Records for the exercise Block Start

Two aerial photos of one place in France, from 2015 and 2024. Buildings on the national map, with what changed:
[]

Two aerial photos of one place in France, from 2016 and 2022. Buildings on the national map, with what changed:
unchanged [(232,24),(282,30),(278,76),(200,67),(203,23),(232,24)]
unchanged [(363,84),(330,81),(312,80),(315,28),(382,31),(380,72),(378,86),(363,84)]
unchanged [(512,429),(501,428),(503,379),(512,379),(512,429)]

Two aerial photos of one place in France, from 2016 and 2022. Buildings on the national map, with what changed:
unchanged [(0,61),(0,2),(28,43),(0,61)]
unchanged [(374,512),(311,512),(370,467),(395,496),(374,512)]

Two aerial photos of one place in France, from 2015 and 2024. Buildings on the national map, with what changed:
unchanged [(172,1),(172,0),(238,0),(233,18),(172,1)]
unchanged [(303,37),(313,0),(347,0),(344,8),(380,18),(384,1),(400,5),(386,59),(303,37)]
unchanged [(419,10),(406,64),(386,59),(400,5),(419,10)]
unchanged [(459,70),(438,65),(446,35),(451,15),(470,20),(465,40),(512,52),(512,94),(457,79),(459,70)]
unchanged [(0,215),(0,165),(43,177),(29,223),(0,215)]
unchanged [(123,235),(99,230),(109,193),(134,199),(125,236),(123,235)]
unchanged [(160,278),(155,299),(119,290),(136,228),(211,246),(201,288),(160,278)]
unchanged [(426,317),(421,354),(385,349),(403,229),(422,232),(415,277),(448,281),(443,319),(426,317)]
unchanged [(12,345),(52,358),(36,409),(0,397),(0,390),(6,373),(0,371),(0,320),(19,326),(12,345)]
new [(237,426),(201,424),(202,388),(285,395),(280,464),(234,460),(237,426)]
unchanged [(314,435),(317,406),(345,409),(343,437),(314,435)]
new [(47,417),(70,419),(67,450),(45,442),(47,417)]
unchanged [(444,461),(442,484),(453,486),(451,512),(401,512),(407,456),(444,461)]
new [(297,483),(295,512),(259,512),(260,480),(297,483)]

Records for the exercise Block End

Repeat every entry exactly, leaving nothing out.

Two aerial photos of one place in France, from 2015 and 2024. Buildings on the national map, with what changed:
[]

Two aerial photos of one place in France, from 2016 and 2022. Buildings on the national map, with what changed:
unchanged [(232,24),(282,30),(278,76),(200,67),(203,23),(232,24)]
unchanged [(363,84),(330,81),(312,80),(315,28),(382,31),(380,72),(378,86),(363,84)]
unchanged [(512,429),(501,428),(503,379),(512,379),(512,429)]

Two aerial photos of one place in France, from 2016 and 2022. Buildings on the national map, with what changed:
unchanged [(0,61),(0,2),(28,43),(0,61)]
unchanged [(374,512),(311,512),(370,467),(395,496),(374,512)]

Two aerial photos of one place in France, from 2015 and 2024. Buildings on the national map, with what changed:
unchanged [(172,1),(172,0),(238,0),(233,18),(172,1)]
unchanged [(303,37),(313,0),(347,0),(344,8),(380,18),(384,1),(400,5),(386,59),(303,37)]
unchanged [(419,10),(406,64),(386,59),(400,5),(419,10)]
unchanged [(459,70),(438,65),(446,35),(451,15),(470,20),(465,40),(512,52),(512,94),(457,79),(459,70)]
unchanged [(0,215),(0,165),(43,177),(29,223),(0,215)]
unchanged [(123,235),(99,230),(109,193),(134,199),(125,236),(123,235)]
unchanged [(160,278),(155,299),(119,290),(136,228),(211,246),(201,288),(160,278)]
unchanged [(426,317),(421,354),(385,349),(403,229),(422,232),(415,277),(448,281),(443,319),(426,317)]
unchanged [(12,345),(52,358),(36,409),(0,397),(0,390),(6,373),(0,371),(0,320),(19,326),(12,345)]
new [(237,426),(201,424),(202,388),(285,395),(280,464),(234,460),(237,426)]
unchanged [(314,435),(317,406),(345,409),(343,437),(314,435)]
new [(47,417),(70,419),(67,450),(45,442),(47,417)]
unchanged [(444,461),(442,484),(453,486),(451,512),(401,512),(407,456),(444,461)]
new [(297,483),(295,512),(259,512),(260,480),(297,483)]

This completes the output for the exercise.